__TASK DETAILS__: Retype all the entries word for word, but omit the pictures.

__INFORMATION PROVIDED__:
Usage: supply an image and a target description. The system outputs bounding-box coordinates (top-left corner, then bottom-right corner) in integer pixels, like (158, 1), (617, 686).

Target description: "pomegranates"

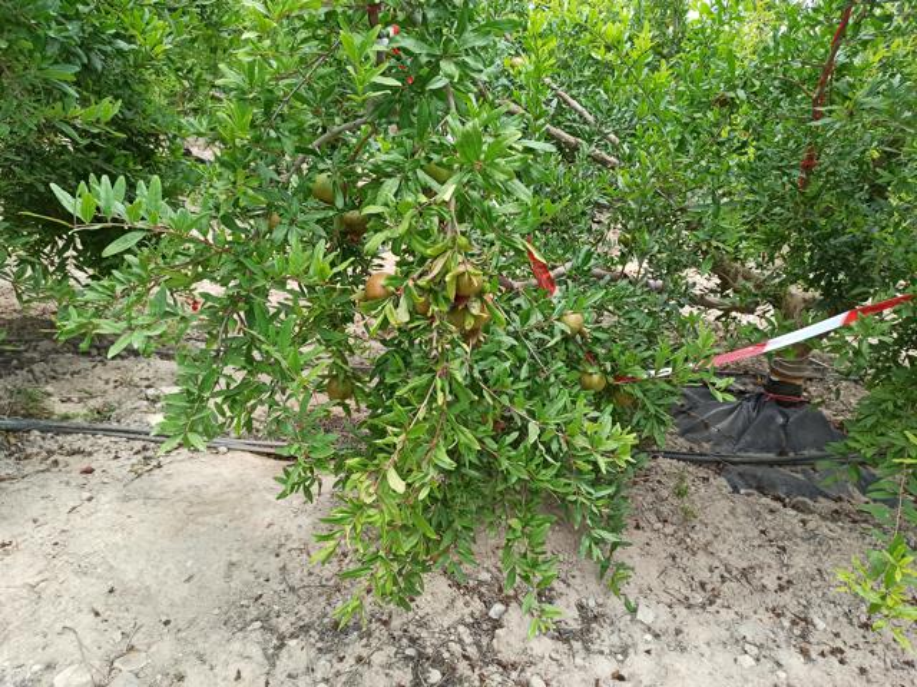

(456, 272), (481, 298)
(309, 173), (335, 205)
(327, 375), (354, 402)
(579, 372), (606, 392)
(559, 313), (585, 338)
(364, 271), (391, 302)
(448, 308), (489, 345)

__SOLUTION__:
Usage: supply an image and a target description. The system outputs bounding-box coordinates (top-left corner, then bottom-right corner) in integer pixels, like (158, 1), (617, 686).

Target description: "pomegranates"


(456, 272), (481, 298)
(309, 173), (335, 205)
(327, 375), (354, 402)
(579, 372), (606, 392)
(559, 313), (585, 338)
(364, 271), (391, 302)
(448, 308), (489, 345)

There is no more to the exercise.